Da La bianca Torre di Ecthelion del 13/12/2017. Foto da articolo
Il 17 di Av del 5740, ovvero il 30 luglio 1980, la Knesset, il parlamento israeliano, ha emanato una legge fondamentale (analoga a una legge costituzionale) proclamando Gerusalemme capitale «unita ed indivisa». Ma dopo il riconoscimento di Gerusalemme capitale d’Israele da parte del presidente degli Stati Uniti Donald J. Trump, il 6 dicembre, la grande assente è proprio l’indivisibilità della città. Non ne parla Trump, non ne parla il premier israeliano Benjamin Netanyahu, non ne parla il presidente palestinese Mahmoud Abbas alias Abu Mazen. Che sia questa, allora, la chiave di volta? Nel riconoscimento di Gerusalemme capitale, infatti, colpisce meno il fatto in sé che non il momento in cui ciò avviene, un momento reso ideale dal clima di guerra fredda che aleggia sull’universo arabo-islamico spaccato tra sciiti e sunniti.

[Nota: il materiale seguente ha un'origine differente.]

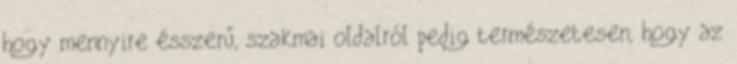
hogy mennyire ésszerű, szakmai oldalról pedig természetesen, hogy az
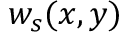
w _ { s } ( x , y )
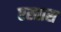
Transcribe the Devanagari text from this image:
एस्तास
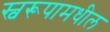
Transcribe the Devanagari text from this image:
स्वरूपामधील
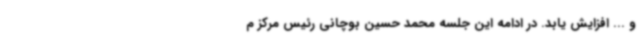
و ... افزایش یابد. در ادامه این جلسه محمد حسین بوچانی رئیس مرکز م
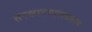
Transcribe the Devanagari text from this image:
सरकारचालवतात
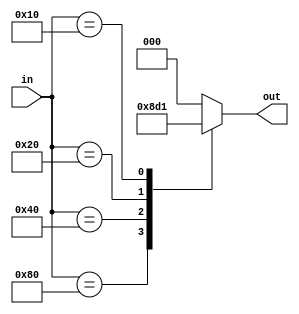
module priority_encoder (
    input [7:0] in,
    output reg [2:0] out
);

always @(*) begin
    case(in)
        8'b10000000 : out = 3'b100; // Highest priority bit is the 8th bit
        8'b01000000 : out = 3'b011; // Highest priority bit is the 7th bit
        8'b00100000 : out = 3'b010; // Highest priority bit is the 6th bit
        8'b00010000 : out = 3'b001; // Highest priority bit is the 5th bit
        8'b00001000 : out = 3'b000; // Highest priority bit is the 4th bit
        8'b00000100 : out = 3'b000; // Highest priority bit is the 3rd bit
        8'b00000010 : out = 3'b000; // Highest priority bit is the 2nd bit
        8'b00000001 : out = 3'b000; // Highest priority bit is the 1st bit
        default: out = 3'b000; // No bits are set
    endcase
end

endmodule
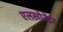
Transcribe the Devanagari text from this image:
एलखोजेंडर
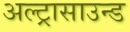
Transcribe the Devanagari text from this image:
अल्ट्रासाउन्ड
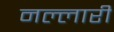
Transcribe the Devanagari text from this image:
नल्लारी
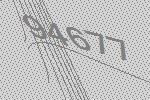
94677
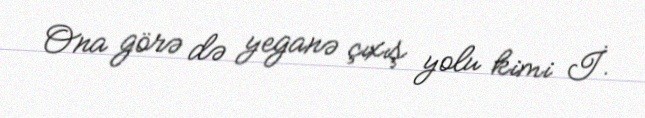
Ona görə də yeganə çıxış yolu kimi İ.
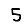
Digit: 5
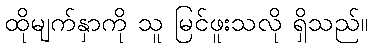
ထိုမျက်နှာကို သူ မြင်ဖူးသလို ရှိသည်။
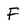
Character: F
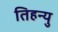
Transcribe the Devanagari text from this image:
तिहन्यु
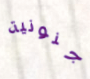
جنونية
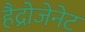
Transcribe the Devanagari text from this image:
हैद्रोजेनेट
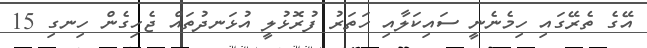
އޭގެ ތެރޭގައި ހިމެނެނީ ސައިކަލާއި ހަތަރު ފުރޮޅުލީ އުޅަނދުތައް ޖެހިގެން ހިނގި 15

Sul fronte sciita ci sono l’Iran, la Siria governata dalla minoranza alauita, le milizie separatiste dello zaidismo in Yemen ed Hezbollah in Libano che pure puntella il presidente cristiano Michael Aoun. Via Damasco, è tutto più o meno in quota russa. Dall’altra parte (il nemico del mio nemico è mio amico) ci sono i Paesi sunniti e dunque gli Stati Uniti. Mentre la Turchia traccheggia attendendo venti favorevoli, l’Arabia Saudita finge di non sentire il mal di pancia e si appoggia a Washington. Ma questo, colmo dei colmi, la colloca di fatto dalla stessa parte d’Israele. Morale, forse la via che porta a Gerusalemme passa attraverso un maxiaccordo epocale e tutto il resto è teatro: sul palco ognuno recita il proprio ruolo storico e dietro le quinte, ottenuto da Israele il sacrificio del mito dell’indivisibilità di Gerusalemme in cambio della garanzia di poter issare la bandiera della vittoria finale, la sostanza potrebbe regalare ai palestinesi una sorte di enclave dorata che ne salvi la faccia e fischi la fine della partita. Scrive infatti Daniel Pipes, fondatore e direttore del Middle East Forum, un think tank consuetamente bene informato, che la decisione di Trump «in effetti riconosce come capitale d’Israele la Gerusalemme ovest pre-1967 e non l’intera Gerusalemme» conquistata con la Guerra dei sei giorni.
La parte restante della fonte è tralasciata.